Alors que l’année 2025 s’achève sur des sommets inédits en matière de concentration de richesses, un mouvement discret mais massif est à l’œuvre : l’émergence de nouveaux milliardaires issus de l’héritage. Derrière les chiffres impressionnants, une recomposition silencieuse des puissances économiques familiales, sur fond de transition générationnelle.
Héritage : 91 milliardaires en plus en 2025 dans le monde

Une vague intergénérationnelle de milliardaires héritiers
Les grandes dynasties économiques mondiales entament un vaste transfert de fortune, modifiant profondément l’architecture du capital familial, comme le constate le rapport "Billionaire Ambitions Report 2025" publié par UBS. « Une nouvelle génération de milliardaires est en train d’émerger à l’échelle mondiale, combinant héritiers et créateurs de richesse autodidactes », selon UBS. Dans ce panorama, les États-Unis dominent toujours en nombre absolu, avec 924 milliardaires, soit près d’un tiers du total mondial. Cependant, c’est la structure même de cette richesse qui évolue : 74 % des milliardaires américains sont encore des entrepreneurs autodidactes, mais un basculement s’opère.
En effet, 2,8 trillions de dollars — soit plus de 2 600 milliards d’euros — devraient être transférés aux héritiers américains dans les quinze années à venir. Une transmission colossale, représentant plus de 40 % du patrimoine actuel des ultra-riches américains, estimé à 6,9 trillions de dollars en 2025. Derrière ces chiffres, ce sont des noms, des lignées, des entreprises. Le rapport ne cite pas de familles précises, mais confirme que « le transfert intergénérationnel de richesses s’accélère et redéfinit les dynamiques de pouvoir familial et économique ».
Quand les fortunes héritées redessinent la carte mondiale du capital
Le phénomène n’est pas cantonné aux États-Unis. À l’échelle mondiale, la transmission patrimoniale transforme la géographie des milliardaires, tant en nombre qu’en origine des fortunes. En Asie, notamment en Chine et en Inde, les héritiers de grandes fortunes technologiques ou industrielles commencent à prendre les rênes d’empires bâtis dans les années 2000–2020. Bien que les données chiffrées manquent dans le rapport d’UBS, l’analyse qualitative évoque une « transformation de la manière dont les familles connectent, collaborent et débloquent des opportunités au-delà des frontières », selon UBS, dans une déclaration traduite de l’anglais.

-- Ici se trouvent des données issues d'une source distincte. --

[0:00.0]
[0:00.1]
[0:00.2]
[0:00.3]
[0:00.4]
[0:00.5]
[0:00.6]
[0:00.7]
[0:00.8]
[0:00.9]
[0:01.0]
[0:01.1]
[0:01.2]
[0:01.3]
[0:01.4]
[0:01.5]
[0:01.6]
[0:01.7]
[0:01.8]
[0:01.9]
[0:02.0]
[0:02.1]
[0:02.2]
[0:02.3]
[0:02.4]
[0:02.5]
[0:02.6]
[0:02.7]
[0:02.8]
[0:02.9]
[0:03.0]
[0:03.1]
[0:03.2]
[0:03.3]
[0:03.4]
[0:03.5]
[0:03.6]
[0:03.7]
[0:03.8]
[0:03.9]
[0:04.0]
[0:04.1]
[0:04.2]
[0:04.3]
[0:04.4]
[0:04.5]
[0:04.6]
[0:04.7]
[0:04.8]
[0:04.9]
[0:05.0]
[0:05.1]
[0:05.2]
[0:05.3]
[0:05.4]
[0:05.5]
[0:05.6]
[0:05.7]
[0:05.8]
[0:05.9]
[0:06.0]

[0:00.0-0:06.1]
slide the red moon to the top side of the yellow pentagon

L’Europe, pour sa part, voit un retour en force de ses vieilles fortunes industrielles. Les héritiers de groupes familiaux historiques dans l’automobile, le luxe ou la chimie accèdent à des niveaux de capital inégalés. Si l’on ignore pour l’instant le nombre exact de nouveaux milliardaires européens liés à l’héritage, les grandes maisons suisses, françaises et allemandes y jouent un rôle structurant. En parallèle, l’Amérique latine et certaines monarchies du Golfe enregistrent aussi une recrudescence de milliardaires d’origine héréditaire, souvent adossés à des fortunes immobilières, pétrolières ou minières.

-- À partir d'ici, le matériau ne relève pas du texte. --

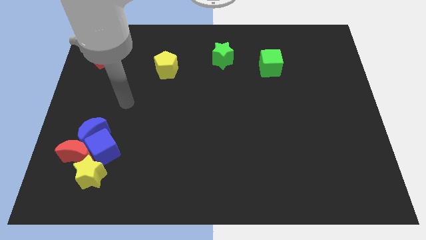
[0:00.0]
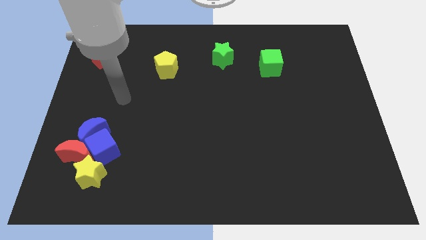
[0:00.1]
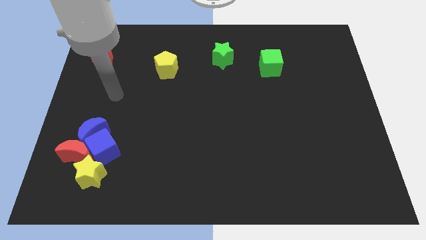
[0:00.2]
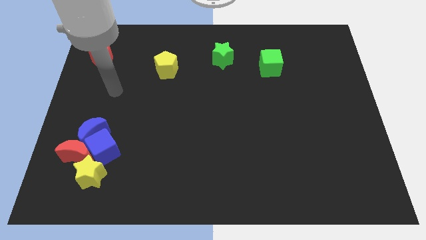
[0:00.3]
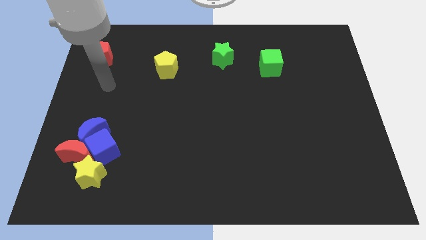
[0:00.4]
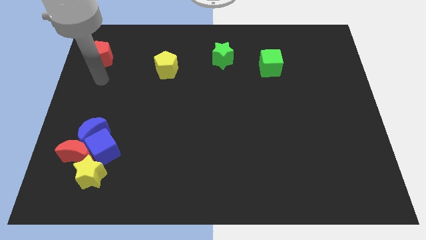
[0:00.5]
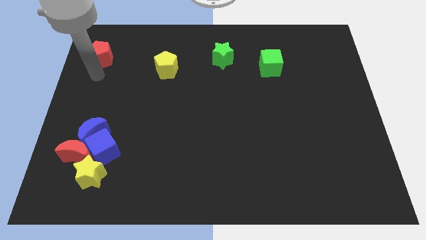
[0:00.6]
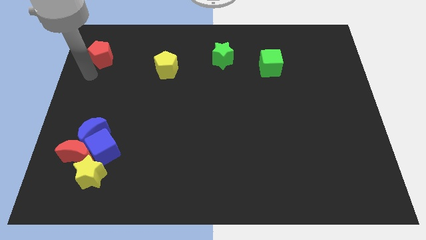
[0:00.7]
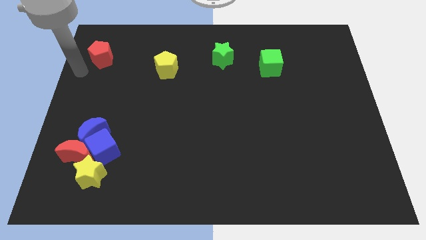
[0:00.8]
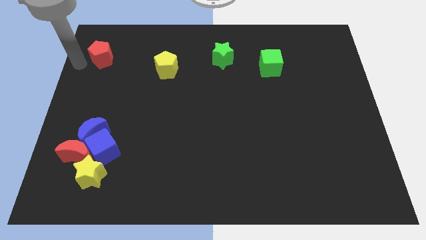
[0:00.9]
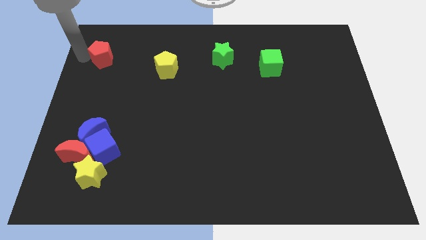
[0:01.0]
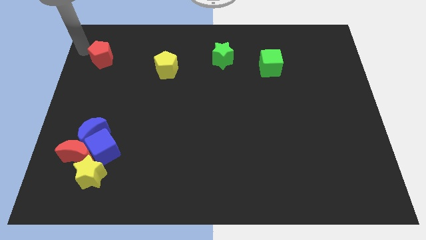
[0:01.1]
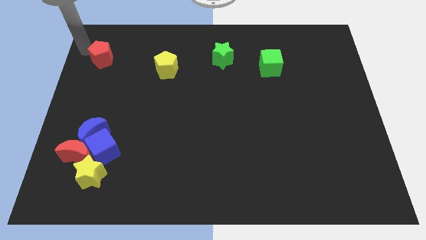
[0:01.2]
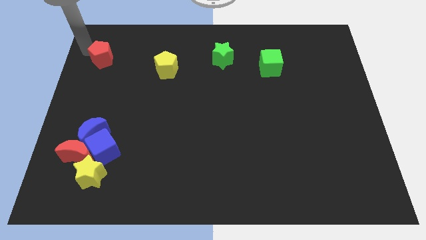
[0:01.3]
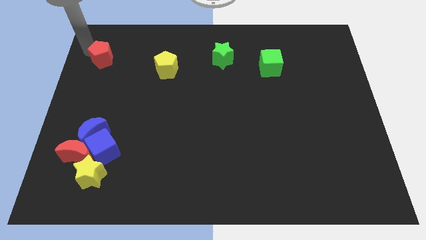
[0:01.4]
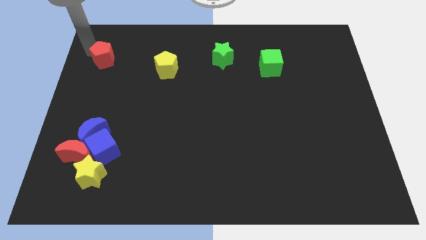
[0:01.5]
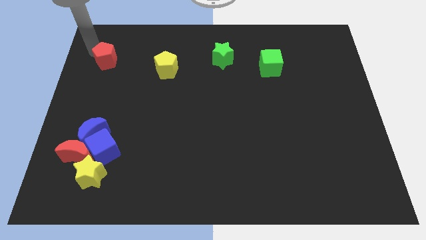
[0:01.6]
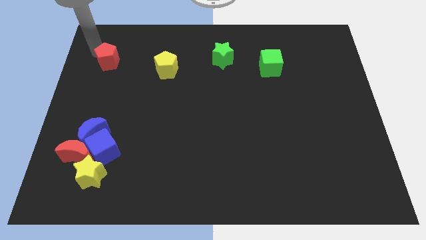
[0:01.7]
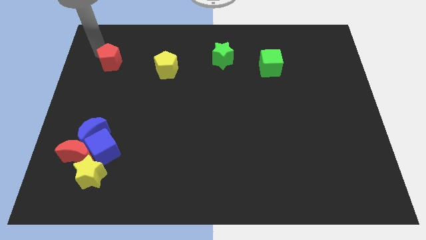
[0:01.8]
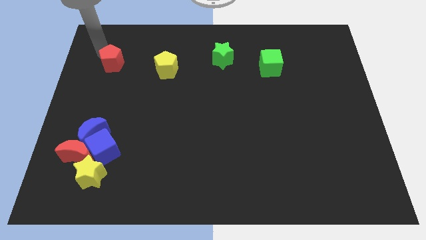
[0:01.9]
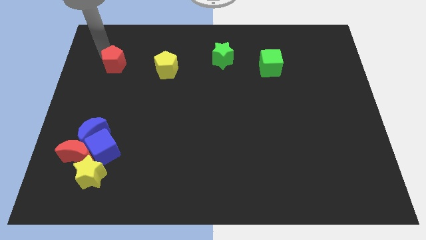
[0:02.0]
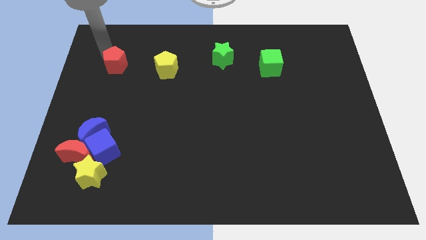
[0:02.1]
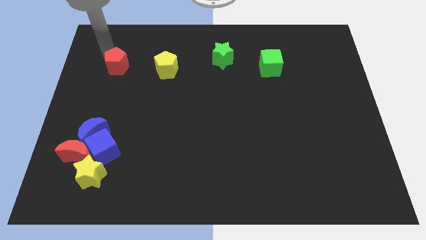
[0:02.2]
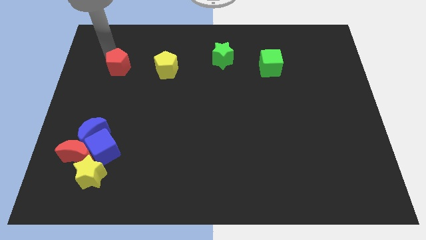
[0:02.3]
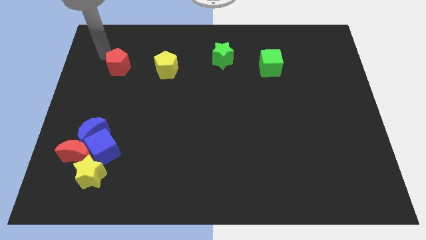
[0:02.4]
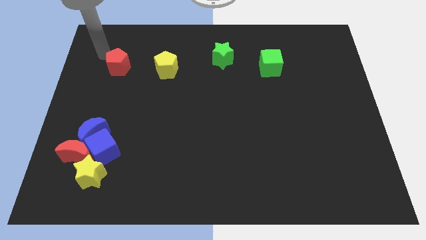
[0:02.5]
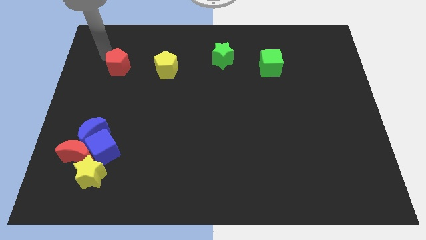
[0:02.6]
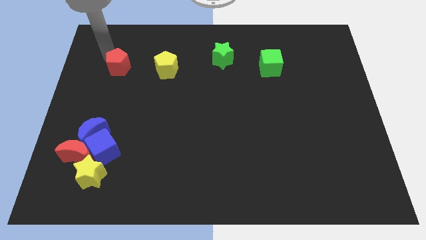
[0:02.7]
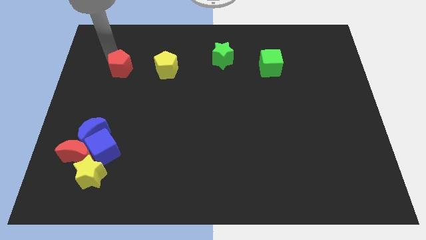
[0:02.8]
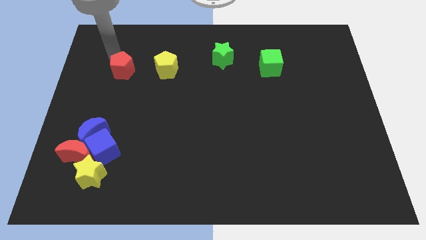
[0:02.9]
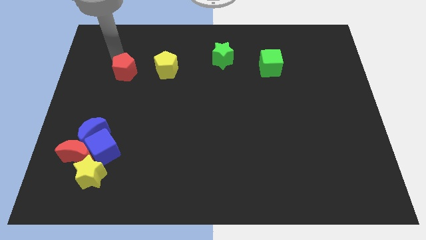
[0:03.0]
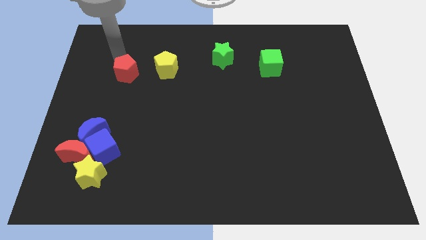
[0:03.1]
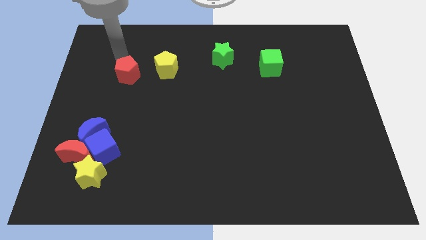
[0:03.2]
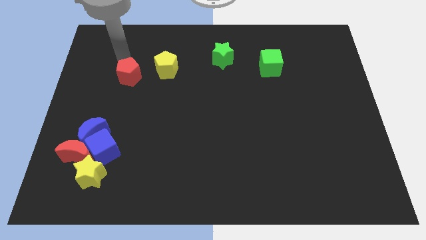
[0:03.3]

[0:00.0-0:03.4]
slide the red pentagon to the bottom left of the yellow pentagon

Le capital familial sous tension : héritiers stratèges ou gestionnaires passifs ?
Ce vaste transfert de richesses ne se limite pas à une simple passation. Il soulève des enjeux complexes de gouvernance familiale, de gestion d’actifs, et de transmission de valeurs. UBS souligne que cette génération d’héritiers se distingue par une approche plus collaborative et transnationale, en rupture avec la logique patriarcale et centralisée du passé. L'enjeu ne se résume donc pas à recevoir, mais à incarner une vision stratégique capable de pérenniser, voire d’amplifier les dynasties familiales. À ce titre, la gestion des patrimoines héréditaires devient un terrain d’innovation, notamment via des structures de family office plus souples, connectées à des enjeux environnementaux ou sociétaux.

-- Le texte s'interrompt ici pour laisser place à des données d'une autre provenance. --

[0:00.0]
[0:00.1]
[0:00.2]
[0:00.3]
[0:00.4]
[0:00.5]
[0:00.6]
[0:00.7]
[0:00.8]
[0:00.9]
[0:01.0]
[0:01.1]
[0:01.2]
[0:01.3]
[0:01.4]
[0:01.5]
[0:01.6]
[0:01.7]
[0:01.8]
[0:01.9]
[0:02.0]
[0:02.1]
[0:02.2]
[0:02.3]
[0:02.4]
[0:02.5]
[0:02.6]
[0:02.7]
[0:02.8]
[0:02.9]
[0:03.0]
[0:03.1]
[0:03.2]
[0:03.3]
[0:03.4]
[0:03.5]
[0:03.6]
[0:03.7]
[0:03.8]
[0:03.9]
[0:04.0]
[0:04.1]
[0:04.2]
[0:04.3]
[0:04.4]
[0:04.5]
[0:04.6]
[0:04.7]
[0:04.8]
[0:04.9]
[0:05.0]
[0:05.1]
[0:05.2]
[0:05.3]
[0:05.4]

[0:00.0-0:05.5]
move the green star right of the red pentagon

Ce renouveau s’accompagne néanmoins de tensions. Certains héritiers se retrouvent aux prises avec des attentes contradictoires : maintenir l’unité du capital, préserver l’image de la famille et affirmer leur propre légitimité entrepreneuriale. L’équilibre entre héritage et autonomie devient dès lors un art stratégique à part entière. Dans cette nouvelle ère, les milliardaires héritiers ne sont plus de simples figures passives : ils incarnent désormais une force économique structurante, façonnée par le poids du passé et les défis du présent.